Most mod teams didn't leave. They made an example of a handful of especially rebellious mod teams, albeit I believe in most cases they had a quisling near the bottom of the mod list contacting reddit to tell them they would happily take over.
But there's a difference between doing that dozen times, and having to do that a thousand times.
The subreddit mods had all the power. If the top mods of all the communities that blacked out just removed all mods and shut down the subreddit, it would've been chaos on Reddits end. Most people are not well-suited to moderating.
2023 was such a wasted opportunity because the moderators chickened out. For about a week, almost every single sizeable community was blacked out. A large chunk of Reddit during that period was genuinely inaccessible. Reddit would have been unprepared for a complete mass-walkout of community moderators during the 2023 Reddit API strikes. But after a few token gestures and a few examples made of some especially rebellious mod-teams, most of the striking moderators returned.
A huge opportunity was missed by people running major communities to functionally degrade Reddit in at least the medium-term as a website. You can’t just hastily promote random people to replace moderators Reddit is either forced to remove or who leave voluntarily.

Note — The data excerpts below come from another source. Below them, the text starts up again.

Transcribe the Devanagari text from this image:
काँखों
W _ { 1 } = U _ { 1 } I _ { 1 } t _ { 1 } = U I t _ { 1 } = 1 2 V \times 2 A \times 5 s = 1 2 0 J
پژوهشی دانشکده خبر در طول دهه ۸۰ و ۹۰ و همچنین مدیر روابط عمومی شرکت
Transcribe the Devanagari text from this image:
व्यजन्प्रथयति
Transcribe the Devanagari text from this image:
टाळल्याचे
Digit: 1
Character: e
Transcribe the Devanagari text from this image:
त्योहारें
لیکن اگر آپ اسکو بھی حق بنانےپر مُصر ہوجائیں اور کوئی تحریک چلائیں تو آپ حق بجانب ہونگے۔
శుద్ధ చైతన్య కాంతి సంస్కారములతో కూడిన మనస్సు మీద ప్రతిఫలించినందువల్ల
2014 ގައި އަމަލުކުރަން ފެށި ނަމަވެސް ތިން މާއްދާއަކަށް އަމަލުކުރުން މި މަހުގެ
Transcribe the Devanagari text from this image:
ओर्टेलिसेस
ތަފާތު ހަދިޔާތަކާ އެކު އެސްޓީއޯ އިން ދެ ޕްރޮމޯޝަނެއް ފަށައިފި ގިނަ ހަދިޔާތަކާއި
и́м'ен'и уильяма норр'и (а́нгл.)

The average person is likely too lazy, too arbitrary and too corrupt to effectively oversee communities of notable sizes.
Just a detail, but if rimu changing the logo to different flags every few days for a bit upsets you - you can just jump to another piefed instance rather than dropping piefed entirely.

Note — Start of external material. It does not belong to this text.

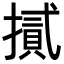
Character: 𢴧
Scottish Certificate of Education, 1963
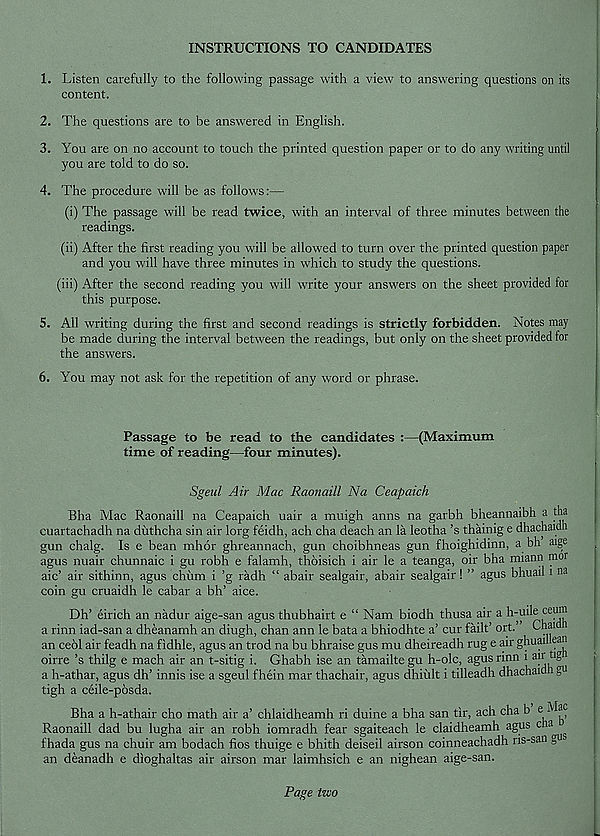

I originally chose lemm.ee because I wanted to set up a Television community (that didn't exist), and it was the largest instance without one.
Then it shut down, but in the interim I became more and more aware of piefed.social, and was doing a lot of feed work on there anyway. So I moved over to piefed.
Yeah, but one usually dominates because it often has the most intuitive url. And also Reddit has a much larger audience, so many very similar communities can exist for one topic.
This aren't even the OPs original thoughts, they have either looked up other grievances or just copy and pasted this from some other old post. Most of the comments are old news too.
They don't really seem interested in discussing this
Sorry, but no private profiles please. This isn't Facebook. Its a public forum. Allowing users to hide their history just encourages trolling, astroturfing and erodes the high trust culture of the fediverse.
This is also why I suppose public voting, and public modlogs.
Reddit is notably degraded due to them allowing users to hide their post history now.
Duplicate communities existing is both good and bad. It means that badly run communities can be redesigned and overtaken on other instances if enough users are angry with how its run. Although, yes, duplication is an issue. Piefed feeds and crossposting mitigates this somewhat.
The search on fediverse isn't perfect, but its far better than Reddits useless search tools. I will hear no lectures here.
I.m.o., instances should never be allowed to ban anyone sitewide, even temporarily(, except for spamming/bot accounts), or only a minority of them, explicitly stating that they want to represent a group of users, and reserving themselves the right to say that a given user makes them a bad publicity.
And how would you ensure this type of policy is enforced, exactly? Lemmy is open-source software that can be modified by instance owners. Lemmy isn't even the only Reddit-like software in the Fediverse.
Communities should also never be allowed to permaban, and a one-year ban should be the maximum, but only after, e.g., at least 3 one-month bans, themselves preceded with a demand to simply edit the comment/post.
On Piefed you can follow specific users and get notifications for when they do posts.
Not comments though. Although that seems a bit... obsessive if that is what you might want.